I wanted to buy a new club set, I can get a very cheap 12 pc. set but they're all steel shafts (Even woods)

So what's better to get? A set with all steel shafts or all graphite?


----------



## Gibby (Sep 9, 2007)

Oh, and if this makes a difference I have only started playing golf (Driving range and practice balls) about 5 days ago.


----------



## 65nlovenit (Dec 8, 2006)

Normally Graphite are a lot lighter to carry then steel clubs. For newbies, its probably better to go with graphite then steel, but unfortunately their more expensive. A better alternative is to go with steel for the irons and graphite for the woods if possible. Just my opinion...

Del


----------



## Gibby (Sep 9, 2007)

Yeah, here's what I'm thinking now... I will get a half-set wth steel clubs then buy a Driver with graphite shaft. (Set only contains 3 wood, not driver..)

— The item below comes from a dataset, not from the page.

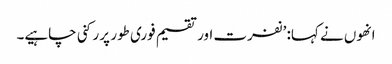
انھوں نے کہا: ’نفرت اور تقسیم فوری طور پر رکنی چاہیے۔

I think I only need a half-set since I just begun...


----------



## 300Yards (Jan 23, 2007)

You'd probably be better off, just sticking with the 3 wood for now. When ever you get that club down, then you can start thinking about a driver. As as the graphite or steel.. That really depends on your swing. Graphite is normally better for beginners, but you may want to use a launch monitor to find out what is truly best for you.


----------



## Surtees (Sep 11, 2007)

I havent been play for to long about 9 months but not every week and i found that steels were easier to hit with and i hit straighter with them i'm starting to hit better with graphite now driver and hybirds anyway that what i found easier


----------



## Gibby (Sep 9, 2007)

Are hybrids Graphite irons?

I think I'll just buy steel then buy a graphite driver.


----------



## Surtees (Sep 11, 2007)

My hybirds are i think you can get steel one but from what Ive seen most are graphite


----------